§ Directions for this task: Check every line of the data below for the string "soil", and copy the ones that hold it.

Items from a data source
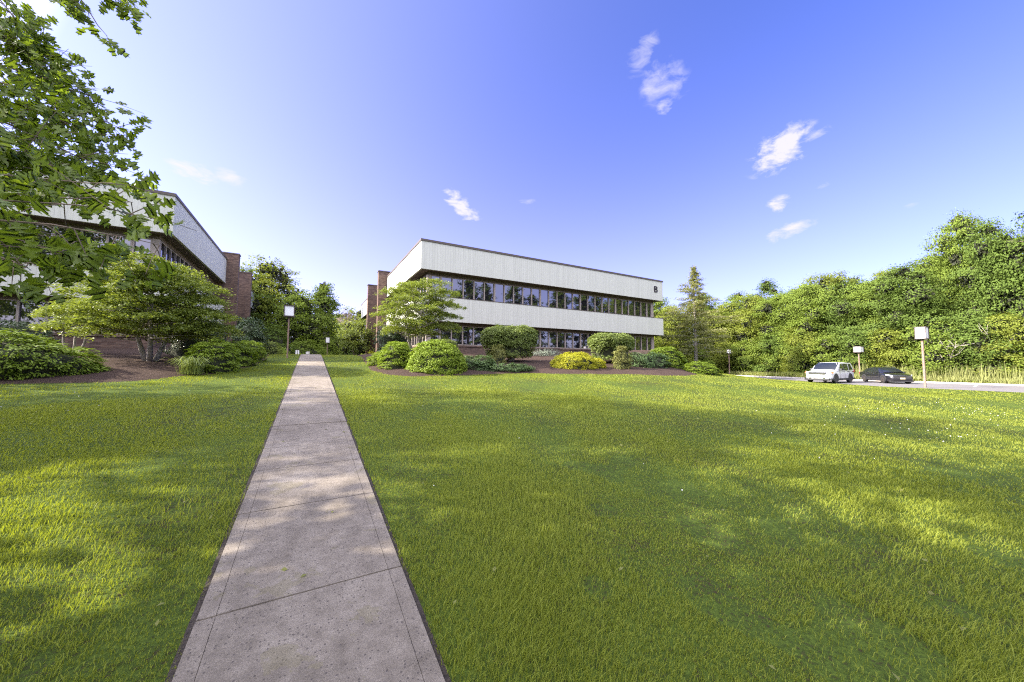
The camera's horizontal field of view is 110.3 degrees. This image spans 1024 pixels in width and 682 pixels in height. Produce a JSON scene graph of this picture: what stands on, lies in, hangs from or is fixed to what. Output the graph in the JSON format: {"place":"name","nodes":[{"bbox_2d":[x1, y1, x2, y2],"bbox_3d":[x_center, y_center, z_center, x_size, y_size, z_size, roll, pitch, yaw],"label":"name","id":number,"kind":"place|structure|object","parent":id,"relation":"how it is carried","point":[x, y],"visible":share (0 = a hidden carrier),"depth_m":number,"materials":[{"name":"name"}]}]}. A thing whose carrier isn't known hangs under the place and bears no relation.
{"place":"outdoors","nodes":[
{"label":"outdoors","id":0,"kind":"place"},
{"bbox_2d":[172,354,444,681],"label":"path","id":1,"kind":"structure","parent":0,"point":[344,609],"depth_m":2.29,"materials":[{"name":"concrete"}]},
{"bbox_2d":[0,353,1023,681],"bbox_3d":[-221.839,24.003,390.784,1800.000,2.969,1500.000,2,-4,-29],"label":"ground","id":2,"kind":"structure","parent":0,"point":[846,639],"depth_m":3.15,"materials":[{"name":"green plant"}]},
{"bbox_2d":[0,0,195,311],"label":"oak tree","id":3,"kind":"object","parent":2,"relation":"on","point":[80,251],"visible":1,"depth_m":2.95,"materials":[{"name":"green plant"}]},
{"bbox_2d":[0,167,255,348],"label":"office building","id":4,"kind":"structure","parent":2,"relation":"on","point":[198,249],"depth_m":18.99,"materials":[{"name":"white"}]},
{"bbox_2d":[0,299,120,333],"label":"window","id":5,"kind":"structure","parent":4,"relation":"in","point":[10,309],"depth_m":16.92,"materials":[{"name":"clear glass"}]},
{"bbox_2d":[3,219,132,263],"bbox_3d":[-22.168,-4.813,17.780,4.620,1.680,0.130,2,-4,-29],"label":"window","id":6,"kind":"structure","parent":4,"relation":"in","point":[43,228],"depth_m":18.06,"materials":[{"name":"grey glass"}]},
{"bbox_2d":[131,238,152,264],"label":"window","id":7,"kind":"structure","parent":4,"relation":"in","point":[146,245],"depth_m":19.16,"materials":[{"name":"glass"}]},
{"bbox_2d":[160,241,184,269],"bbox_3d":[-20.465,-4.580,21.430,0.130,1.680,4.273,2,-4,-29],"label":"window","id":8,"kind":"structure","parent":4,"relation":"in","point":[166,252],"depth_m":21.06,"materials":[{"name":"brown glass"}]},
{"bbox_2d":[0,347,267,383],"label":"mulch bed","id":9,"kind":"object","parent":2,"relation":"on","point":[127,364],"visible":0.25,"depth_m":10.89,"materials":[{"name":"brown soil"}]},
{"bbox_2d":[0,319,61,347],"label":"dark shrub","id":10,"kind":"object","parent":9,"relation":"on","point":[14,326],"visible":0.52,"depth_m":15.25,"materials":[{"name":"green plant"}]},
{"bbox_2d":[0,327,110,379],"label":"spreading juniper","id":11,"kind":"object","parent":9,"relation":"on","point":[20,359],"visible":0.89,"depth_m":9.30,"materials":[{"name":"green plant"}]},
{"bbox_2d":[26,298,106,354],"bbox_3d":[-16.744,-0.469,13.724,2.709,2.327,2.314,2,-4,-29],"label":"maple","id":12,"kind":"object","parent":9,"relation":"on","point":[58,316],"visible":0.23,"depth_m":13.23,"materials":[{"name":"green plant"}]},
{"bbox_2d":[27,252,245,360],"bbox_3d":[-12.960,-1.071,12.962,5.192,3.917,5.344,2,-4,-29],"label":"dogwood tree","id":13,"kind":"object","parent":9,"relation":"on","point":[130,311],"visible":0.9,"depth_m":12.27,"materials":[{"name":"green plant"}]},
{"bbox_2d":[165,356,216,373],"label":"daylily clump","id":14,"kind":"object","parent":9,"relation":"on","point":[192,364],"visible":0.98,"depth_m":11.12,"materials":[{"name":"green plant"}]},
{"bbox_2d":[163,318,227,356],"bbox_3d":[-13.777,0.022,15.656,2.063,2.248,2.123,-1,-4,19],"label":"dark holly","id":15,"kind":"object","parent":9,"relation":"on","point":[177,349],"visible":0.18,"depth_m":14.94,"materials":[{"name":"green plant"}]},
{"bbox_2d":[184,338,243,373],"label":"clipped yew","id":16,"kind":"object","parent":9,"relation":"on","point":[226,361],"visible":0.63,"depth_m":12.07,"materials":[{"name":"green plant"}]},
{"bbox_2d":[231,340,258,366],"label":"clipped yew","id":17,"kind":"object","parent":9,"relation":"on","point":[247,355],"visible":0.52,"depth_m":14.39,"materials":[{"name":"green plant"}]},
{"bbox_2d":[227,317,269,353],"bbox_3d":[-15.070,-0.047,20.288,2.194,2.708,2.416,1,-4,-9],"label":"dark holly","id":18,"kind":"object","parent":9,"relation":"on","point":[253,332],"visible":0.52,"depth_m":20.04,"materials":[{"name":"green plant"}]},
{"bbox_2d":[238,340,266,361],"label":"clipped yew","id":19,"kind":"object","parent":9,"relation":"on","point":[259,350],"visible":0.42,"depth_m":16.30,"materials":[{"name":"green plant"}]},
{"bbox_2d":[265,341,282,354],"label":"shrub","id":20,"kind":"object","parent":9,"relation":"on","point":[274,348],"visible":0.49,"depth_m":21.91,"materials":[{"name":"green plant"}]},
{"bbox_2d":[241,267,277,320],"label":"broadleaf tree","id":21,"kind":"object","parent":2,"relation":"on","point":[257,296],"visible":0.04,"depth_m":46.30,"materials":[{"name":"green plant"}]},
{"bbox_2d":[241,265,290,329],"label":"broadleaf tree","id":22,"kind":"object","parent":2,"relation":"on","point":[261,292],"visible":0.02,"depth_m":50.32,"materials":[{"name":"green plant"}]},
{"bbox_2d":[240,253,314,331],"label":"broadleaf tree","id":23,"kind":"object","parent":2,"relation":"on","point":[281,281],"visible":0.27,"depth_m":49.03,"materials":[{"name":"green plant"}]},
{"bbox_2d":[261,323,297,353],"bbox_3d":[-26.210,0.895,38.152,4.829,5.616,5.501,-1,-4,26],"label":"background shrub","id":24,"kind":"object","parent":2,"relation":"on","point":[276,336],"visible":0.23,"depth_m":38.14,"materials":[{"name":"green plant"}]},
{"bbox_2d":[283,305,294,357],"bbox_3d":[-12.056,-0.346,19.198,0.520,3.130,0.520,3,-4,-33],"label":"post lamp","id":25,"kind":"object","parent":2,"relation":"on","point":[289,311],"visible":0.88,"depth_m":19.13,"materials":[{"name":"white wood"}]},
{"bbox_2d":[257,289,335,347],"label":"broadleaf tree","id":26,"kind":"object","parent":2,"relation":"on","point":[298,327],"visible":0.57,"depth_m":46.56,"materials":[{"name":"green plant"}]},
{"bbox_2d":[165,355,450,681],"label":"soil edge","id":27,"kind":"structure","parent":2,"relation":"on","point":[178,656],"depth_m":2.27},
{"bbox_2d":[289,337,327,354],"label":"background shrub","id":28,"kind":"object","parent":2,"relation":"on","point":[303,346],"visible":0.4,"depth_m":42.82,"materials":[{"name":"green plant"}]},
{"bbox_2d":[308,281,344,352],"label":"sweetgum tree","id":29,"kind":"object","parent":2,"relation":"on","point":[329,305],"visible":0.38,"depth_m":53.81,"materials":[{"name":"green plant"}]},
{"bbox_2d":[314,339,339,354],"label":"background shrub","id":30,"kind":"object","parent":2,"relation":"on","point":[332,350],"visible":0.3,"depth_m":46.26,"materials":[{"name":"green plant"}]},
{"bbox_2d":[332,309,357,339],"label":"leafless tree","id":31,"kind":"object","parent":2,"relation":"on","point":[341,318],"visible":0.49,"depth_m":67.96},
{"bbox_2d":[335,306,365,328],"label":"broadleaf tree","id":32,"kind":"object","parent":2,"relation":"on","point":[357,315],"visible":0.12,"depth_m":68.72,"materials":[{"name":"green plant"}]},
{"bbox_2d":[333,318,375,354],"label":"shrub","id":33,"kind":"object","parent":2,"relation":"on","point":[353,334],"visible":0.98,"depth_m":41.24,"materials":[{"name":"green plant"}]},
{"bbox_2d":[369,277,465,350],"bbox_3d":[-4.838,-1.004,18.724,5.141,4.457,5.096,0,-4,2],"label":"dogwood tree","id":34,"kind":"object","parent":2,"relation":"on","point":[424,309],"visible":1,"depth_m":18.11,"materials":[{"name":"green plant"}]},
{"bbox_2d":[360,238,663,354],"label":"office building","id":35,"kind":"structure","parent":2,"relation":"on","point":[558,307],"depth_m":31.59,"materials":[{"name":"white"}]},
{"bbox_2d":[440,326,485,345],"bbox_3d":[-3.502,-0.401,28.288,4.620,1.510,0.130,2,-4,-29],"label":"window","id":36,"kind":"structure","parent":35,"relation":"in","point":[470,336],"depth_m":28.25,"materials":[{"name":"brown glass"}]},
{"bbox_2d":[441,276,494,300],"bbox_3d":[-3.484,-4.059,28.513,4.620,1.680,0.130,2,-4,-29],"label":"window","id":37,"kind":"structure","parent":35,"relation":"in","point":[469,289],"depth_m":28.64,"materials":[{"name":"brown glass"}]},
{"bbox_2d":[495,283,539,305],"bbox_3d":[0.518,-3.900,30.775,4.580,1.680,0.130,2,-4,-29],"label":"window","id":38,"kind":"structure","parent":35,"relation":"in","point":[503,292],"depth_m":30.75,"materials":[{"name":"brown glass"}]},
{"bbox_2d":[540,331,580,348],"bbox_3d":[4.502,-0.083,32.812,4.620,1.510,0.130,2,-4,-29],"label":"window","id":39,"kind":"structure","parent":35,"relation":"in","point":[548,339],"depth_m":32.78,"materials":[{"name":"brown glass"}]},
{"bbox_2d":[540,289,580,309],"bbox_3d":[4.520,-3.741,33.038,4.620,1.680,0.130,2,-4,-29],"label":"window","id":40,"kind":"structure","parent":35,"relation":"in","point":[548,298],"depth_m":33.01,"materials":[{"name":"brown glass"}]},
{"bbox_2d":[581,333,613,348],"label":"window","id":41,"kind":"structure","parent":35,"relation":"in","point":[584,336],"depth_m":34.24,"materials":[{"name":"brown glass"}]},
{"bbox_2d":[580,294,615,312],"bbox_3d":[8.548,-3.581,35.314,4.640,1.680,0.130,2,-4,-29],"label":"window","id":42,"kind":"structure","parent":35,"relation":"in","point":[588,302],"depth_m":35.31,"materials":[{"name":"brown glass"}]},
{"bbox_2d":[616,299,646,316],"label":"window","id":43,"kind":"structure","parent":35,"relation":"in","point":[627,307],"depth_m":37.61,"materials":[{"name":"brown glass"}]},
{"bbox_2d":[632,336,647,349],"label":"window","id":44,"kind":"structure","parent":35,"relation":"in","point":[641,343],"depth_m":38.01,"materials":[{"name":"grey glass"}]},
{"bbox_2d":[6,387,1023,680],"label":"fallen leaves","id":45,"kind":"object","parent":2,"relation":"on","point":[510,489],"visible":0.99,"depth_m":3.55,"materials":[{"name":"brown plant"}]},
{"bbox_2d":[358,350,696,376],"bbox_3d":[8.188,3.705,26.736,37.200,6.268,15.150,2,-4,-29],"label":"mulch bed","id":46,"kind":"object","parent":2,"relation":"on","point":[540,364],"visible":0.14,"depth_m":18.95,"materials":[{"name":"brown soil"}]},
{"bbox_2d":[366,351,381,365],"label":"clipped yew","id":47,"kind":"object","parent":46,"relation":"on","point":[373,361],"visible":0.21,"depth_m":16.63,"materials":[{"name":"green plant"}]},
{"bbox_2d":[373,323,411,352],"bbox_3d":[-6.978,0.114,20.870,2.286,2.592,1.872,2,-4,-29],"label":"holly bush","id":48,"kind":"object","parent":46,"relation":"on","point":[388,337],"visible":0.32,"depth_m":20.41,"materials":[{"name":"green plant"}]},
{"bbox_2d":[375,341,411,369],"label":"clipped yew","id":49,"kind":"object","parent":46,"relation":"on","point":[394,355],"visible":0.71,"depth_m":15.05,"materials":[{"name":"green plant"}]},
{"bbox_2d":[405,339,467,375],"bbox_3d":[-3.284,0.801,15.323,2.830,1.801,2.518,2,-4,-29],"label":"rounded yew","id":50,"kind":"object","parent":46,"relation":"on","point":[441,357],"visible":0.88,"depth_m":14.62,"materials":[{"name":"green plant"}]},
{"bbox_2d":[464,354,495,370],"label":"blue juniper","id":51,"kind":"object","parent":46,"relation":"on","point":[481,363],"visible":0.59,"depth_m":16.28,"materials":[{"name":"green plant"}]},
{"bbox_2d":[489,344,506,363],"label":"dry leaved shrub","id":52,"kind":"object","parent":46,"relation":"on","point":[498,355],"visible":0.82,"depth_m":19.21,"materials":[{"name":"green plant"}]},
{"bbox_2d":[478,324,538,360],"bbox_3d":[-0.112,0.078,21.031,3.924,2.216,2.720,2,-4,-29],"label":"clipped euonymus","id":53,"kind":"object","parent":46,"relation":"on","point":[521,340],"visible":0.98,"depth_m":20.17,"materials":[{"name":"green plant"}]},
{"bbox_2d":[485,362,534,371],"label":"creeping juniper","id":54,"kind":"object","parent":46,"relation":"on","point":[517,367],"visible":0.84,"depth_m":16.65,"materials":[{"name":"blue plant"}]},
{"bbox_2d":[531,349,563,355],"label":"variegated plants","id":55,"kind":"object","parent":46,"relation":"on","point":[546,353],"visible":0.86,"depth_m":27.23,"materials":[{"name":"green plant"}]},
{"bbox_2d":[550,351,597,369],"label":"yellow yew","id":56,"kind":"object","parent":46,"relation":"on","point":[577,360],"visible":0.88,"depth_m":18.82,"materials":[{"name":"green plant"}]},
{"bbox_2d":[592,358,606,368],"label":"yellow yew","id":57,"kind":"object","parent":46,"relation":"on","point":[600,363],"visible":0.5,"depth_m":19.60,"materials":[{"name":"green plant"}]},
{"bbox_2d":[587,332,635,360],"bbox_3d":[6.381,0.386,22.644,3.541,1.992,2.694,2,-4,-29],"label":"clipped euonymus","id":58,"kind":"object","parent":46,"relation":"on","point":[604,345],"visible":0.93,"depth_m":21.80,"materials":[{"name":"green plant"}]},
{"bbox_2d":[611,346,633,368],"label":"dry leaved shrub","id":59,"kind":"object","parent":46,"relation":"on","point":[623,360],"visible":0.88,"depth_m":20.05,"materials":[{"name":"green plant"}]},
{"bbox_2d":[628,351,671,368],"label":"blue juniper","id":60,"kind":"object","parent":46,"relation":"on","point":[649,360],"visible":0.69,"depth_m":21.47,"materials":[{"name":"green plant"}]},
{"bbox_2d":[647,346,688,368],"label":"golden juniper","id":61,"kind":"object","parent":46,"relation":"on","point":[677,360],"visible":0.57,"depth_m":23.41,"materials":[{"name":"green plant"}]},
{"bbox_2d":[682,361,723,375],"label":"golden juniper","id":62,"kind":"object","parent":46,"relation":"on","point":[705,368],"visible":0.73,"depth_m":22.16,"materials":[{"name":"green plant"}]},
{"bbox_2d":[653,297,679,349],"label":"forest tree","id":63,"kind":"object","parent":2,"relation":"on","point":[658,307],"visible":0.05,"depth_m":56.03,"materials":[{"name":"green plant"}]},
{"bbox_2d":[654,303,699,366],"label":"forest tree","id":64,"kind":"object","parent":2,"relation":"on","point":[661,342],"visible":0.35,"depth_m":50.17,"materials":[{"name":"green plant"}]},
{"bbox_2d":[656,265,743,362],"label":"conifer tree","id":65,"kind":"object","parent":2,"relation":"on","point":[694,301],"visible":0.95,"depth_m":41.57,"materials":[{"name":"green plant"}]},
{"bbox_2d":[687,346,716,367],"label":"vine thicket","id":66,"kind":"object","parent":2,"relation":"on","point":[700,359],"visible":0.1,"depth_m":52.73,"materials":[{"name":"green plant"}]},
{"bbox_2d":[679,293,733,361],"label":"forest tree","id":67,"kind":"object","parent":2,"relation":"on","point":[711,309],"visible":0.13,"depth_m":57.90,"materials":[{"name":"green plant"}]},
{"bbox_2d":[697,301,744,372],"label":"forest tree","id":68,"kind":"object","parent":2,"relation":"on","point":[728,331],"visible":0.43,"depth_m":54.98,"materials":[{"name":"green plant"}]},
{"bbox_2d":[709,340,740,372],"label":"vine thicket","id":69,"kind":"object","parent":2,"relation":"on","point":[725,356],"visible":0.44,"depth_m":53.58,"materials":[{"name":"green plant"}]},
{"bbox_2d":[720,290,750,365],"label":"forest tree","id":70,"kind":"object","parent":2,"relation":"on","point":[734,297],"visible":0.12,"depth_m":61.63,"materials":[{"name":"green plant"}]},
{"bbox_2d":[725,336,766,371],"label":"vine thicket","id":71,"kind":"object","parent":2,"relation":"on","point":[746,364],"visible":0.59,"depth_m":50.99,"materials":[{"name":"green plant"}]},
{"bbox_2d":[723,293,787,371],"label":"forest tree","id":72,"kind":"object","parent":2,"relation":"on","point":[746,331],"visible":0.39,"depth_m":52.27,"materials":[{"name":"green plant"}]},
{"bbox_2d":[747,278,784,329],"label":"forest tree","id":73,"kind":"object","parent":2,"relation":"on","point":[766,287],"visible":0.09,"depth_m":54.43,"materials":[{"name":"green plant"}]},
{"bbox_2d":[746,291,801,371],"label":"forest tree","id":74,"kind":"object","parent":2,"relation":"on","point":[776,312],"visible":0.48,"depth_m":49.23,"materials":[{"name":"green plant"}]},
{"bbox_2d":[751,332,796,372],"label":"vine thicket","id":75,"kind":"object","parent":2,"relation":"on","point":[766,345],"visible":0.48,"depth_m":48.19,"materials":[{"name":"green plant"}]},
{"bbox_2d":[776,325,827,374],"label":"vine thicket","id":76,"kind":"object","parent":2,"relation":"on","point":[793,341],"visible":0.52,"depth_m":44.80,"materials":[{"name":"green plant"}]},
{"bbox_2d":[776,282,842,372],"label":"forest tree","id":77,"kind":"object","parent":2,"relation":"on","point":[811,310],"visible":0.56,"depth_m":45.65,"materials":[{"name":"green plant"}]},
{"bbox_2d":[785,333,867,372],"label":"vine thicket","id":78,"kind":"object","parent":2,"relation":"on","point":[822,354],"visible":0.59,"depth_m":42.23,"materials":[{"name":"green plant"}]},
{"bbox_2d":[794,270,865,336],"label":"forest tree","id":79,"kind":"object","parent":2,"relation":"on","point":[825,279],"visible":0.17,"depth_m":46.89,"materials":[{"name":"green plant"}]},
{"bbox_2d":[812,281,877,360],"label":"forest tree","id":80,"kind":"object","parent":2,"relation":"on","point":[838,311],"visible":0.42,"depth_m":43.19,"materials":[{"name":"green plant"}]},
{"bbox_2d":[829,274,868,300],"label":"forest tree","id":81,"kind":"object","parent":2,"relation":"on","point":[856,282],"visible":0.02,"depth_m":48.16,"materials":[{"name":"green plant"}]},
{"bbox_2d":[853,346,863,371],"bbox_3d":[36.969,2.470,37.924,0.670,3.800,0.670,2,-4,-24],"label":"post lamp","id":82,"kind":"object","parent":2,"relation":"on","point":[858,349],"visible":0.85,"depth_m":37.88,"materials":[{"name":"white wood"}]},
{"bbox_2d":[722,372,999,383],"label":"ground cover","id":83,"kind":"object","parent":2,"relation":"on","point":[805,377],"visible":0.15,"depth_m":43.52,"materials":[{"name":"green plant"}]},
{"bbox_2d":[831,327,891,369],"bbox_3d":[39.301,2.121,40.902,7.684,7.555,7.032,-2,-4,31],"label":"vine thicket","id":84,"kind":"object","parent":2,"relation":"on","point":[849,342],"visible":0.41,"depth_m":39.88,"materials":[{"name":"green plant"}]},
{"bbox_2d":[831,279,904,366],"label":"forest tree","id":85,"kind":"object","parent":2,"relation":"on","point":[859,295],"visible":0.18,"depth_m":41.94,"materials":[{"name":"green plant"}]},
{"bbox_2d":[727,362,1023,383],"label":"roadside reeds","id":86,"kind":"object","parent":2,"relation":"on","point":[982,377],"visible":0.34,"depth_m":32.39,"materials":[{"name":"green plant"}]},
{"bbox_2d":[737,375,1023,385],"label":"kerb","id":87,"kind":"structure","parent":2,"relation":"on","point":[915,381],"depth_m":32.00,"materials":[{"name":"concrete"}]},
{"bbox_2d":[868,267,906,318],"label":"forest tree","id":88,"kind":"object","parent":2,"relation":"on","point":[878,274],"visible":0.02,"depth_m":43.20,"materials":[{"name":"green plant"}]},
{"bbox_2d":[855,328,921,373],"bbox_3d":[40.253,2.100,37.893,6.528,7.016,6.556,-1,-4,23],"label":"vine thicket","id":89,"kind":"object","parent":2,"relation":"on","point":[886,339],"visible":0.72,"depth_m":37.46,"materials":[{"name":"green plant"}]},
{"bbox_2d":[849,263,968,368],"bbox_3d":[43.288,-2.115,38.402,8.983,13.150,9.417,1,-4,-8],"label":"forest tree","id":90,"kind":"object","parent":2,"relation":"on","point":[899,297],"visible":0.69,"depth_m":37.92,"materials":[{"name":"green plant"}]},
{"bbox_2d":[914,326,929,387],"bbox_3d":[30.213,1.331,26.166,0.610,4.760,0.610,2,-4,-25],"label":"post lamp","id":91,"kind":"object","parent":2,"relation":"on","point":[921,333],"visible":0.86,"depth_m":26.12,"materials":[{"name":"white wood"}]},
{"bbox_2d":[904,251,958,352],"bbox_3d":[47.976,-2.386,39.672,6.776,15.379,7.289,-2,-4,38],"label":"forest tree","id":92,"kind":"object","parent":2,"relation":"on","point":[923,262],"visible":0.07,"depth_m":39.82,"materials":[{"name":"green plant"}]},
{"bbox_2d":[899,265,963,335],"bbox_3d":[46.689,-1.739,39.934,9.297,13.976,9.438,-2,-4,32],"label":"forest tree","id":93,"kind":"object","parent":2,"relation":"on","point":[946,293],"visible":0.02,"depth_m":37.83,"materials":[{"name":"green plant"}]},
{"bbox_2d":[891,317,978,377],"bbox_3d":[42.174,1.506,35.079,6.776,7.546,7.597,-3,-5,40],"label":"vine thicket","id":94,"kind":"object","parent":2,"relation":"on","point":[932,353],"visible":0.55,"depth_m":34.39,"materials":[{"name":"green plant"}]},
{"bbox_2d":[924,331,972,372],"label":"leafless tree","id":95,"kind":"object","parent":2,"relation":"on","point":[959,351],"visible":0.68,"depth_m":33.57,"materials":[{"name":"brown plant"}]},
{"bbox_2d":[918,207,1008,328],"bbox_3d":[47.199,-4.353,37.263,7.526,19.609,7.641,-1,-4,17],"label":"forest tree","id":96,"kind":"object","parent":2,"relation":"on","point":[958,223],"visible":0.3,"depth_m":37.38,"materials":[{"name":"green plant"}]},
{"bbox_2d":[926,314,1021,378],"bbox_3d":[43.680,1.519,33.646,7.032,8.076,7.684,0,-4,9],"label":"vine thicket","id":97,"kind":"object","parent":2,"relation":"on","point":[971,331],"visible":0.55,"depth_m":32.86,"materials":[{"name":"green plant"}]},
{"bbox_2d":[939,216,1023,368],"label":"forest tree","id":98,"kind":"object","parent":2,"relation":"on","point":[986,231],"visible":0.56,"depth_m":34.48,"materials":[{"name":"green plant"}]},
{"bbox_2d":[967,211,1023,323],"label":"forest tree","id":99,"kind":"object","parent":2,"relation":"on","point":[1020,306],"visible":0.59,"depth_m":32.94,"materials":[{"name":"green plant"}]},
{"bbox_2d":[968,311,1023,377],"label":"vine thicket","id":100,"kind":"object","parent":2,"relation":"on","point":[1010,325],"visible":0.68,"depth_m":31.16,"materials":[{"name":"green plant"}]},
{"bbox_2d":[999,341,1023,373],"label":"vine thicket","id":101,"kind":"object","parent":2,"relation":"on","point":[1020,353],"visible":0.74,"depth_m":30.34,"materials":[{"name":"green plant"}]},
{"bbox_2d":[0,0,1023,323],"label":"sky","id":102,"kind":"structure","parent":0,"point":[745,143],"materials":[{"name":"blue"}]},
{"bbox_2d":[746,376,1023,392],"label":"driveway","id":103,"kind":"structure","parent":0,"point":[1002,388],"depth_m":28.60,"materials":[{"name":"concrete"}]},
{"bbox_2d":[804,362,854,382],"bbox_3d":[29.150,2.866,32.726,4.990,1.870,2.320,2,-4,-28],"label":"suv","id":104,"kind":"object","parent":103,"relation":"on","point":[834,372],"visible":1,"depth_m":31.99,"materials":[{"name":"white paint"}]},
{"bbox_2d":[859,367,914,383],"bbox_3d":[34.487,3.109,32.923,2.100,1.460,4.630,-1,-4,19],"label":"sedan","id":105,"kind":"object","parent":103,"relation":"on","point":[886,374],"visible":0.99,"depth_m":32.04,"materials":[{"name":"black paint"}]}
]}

§ Answer to this task:
{"bbox_2d":[0,347,267,383],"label":"mulch bed","id":9,"kind":"object","parent":2,"relation":"on","point":[127,364],"visible":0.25,"depth_m":10.89,"materials":[{"name":"brown soil"}]},
{"bbox_2d":[165,355,450,681],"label":"soil edge","id":27,"kind":"structure","parent":2,"relation":"on","point":[178,656],"depth_m":2.27},
{"bbox_2d":[358,350,696,376],"bbox_3d":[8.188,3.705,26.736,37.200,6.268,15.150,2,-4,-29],"label":"mulch bed","id":46,"kind":"object","parent":2,"relation":"on","point":[540,364],"visible":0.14,"depth_m":18.95,"materials":[{"name":"brown soil"}]},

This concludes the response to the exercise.